Zapytana o to, co chce przekazać nową muzyką, artystka mówi krótko: – To „pieprz się” skierowane do wszystkich moich byłych. Tracklistę otwiera klimatyczny „Gold Books” i grunge-popowy utwór „Wish You Were Dead”. W „Fuck” czy „Big Brown Eyes” Lola imponuje nieskrępowaną postawą, z kolei w „Conceited” zachwyca brzmieniem w stylu Arctic Monkeys. „Intrusive Thoughts” to oszczędna, melancholijna propozycja; „You Noticed” – moment wyciszenia, a „Crush” – nieśmiałe nawiązanie do twórczości Radiohead.
Ostatnie pół roku było dla niej pasmem sukcesów. Przełomem okazało się jednak wydanie singla „Messy”, który stał się viralem na TikTok i trafił na listy przebojów na całym świecie. Numer ujrzał światło dzienne w maju i od razu zwrócił uwagę fanów stylistycznymi odniesieniami do Fleetwood Mac oraz tekstem opartym na zabawnych one-linerach. – To kamień milowy w mojej twórczości. Zdarzały mi się już viralowe momenty, ale to jest coś zgoła innego. To wspaniałe uczucie, gdy widzisz, że twoja praca przynosi takie owoce. Nigdy nie sądziłam, że ludzie słuchają mojej muzyki, ale to naprawdę się dzieje – mówi artystka.

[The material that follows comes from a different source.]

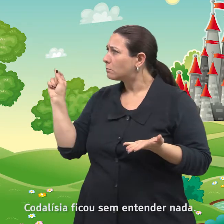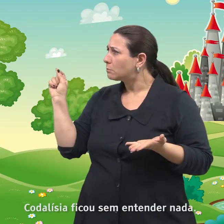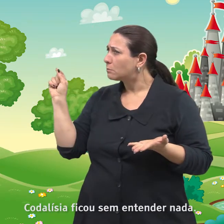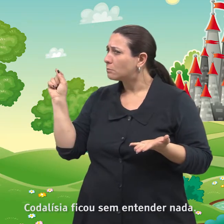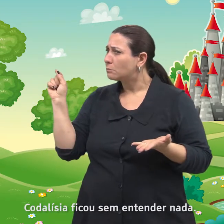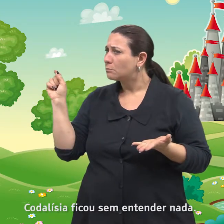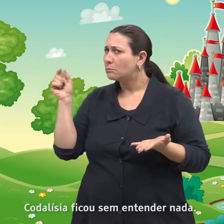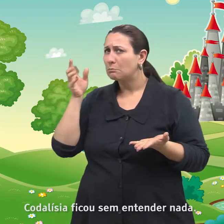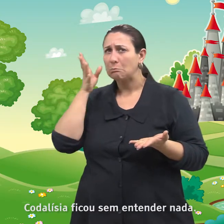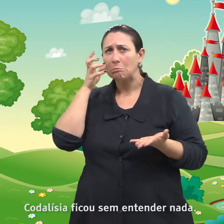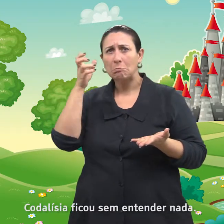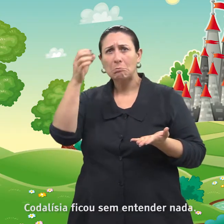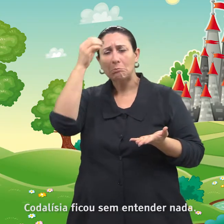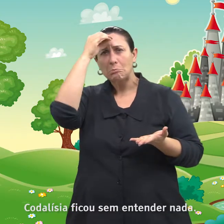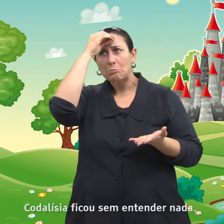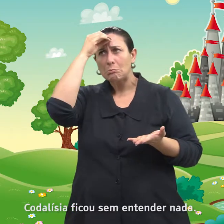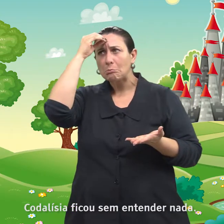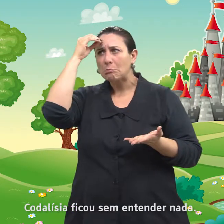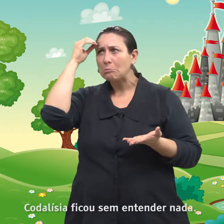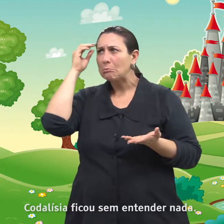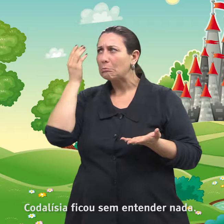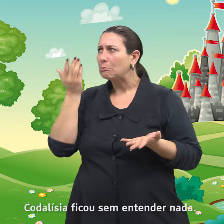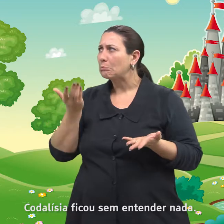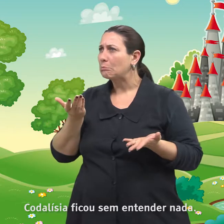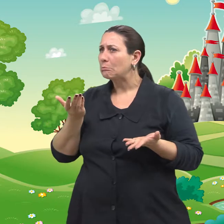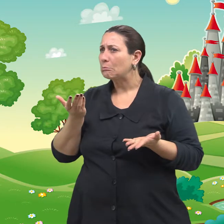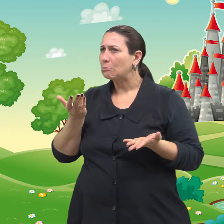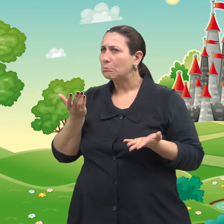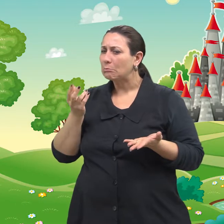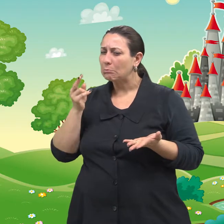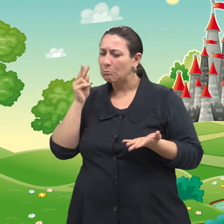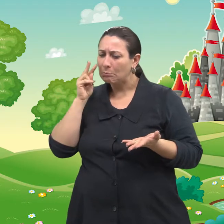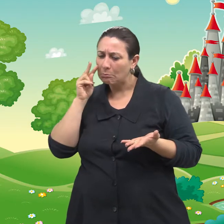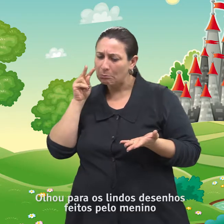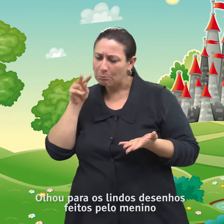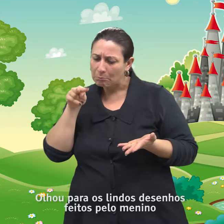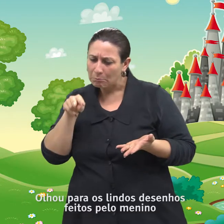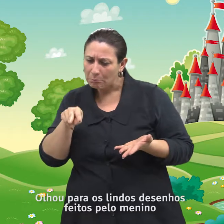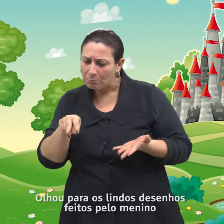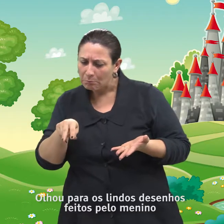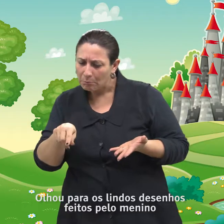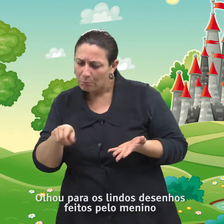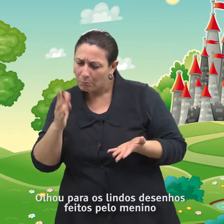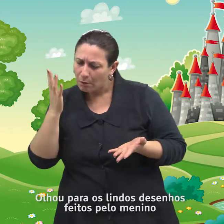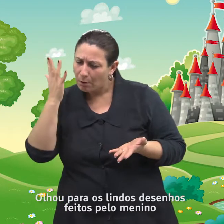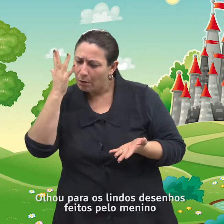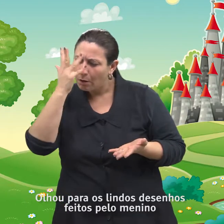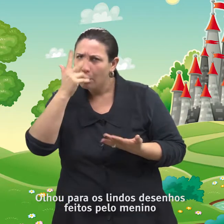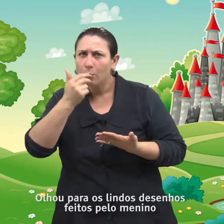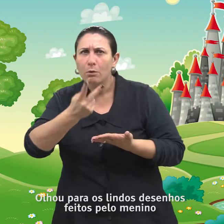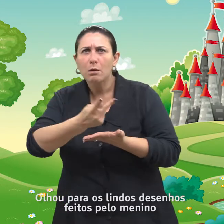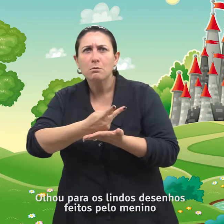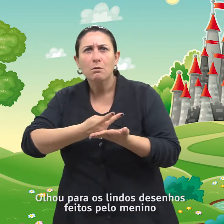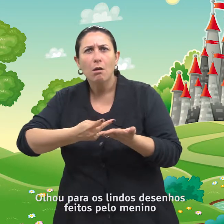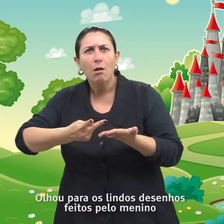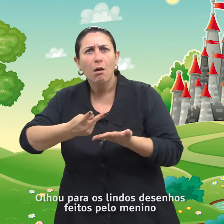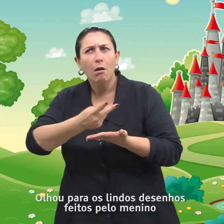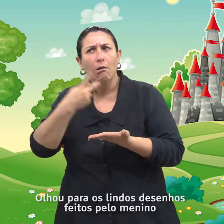Codalizia ficou sem entender nada. Olhou para os lindos desenhos feitos pelo menino,

To tylko świadczy o tym jak słuchacze rezonują z jej nieprzepuszczoną przez filtry wrażliwością. Sama artystka opisuje natomiast „Messy” jako „hymn ADHD” – skierowany do partnera, którego nie da się zadowolić. – Nienawidzisz, kiedy płaczę, chyba że to „ten czas w miesiącu”. Jestem zbyt idealna, dopóki nie pokażę ci, że wcale nie jestem – śpiewa w refrenie. – To bardzo szczery numer. Chodzi o akceptację niedoskonałości i znalezienie siły w tym, kim jestem – powiedziała magazynowi „Attwood”. Wygląda na to, że wielu fanów również znajduje w tych niedoskonałościach siłę. I oby tak dalej, bo oficjalna podróż Loli po branży muzycznej dopiero się zaczyna.
Wiosną ubiegłego roku jej pierwsza światowa trasa koncertowa wyprzedała się w kilka sekund – nic dziwnego, bo na żywo wypada naprawdę znakomicie. Pod koniec roku artystka w wielkim stylu zakończyła jej północnoamerykańską część, a następnie rozpoczęła serię koncertów krajowych (jeden z nich, ze względu na duże zainteresowanie, trzeba było przenieść do większego obiektu). W tym miesiącu natomiast rozpoczyna europejskie tournée, przygotowując się jednocześnie do sezonu festiwalowego, w ramach którego wystąpi na Open’er Festival 2025 (3 lipca oczekujcie jej na Orange Main Stage). Co więcej, utalentowana Brytyjka zapowiedziała również, że nie zamierza osiadać na laurach i już teraz przygotowuje materiał na trzeci album, na którym połączy klimat lat 90. z hip-hopem, popem i folkiem.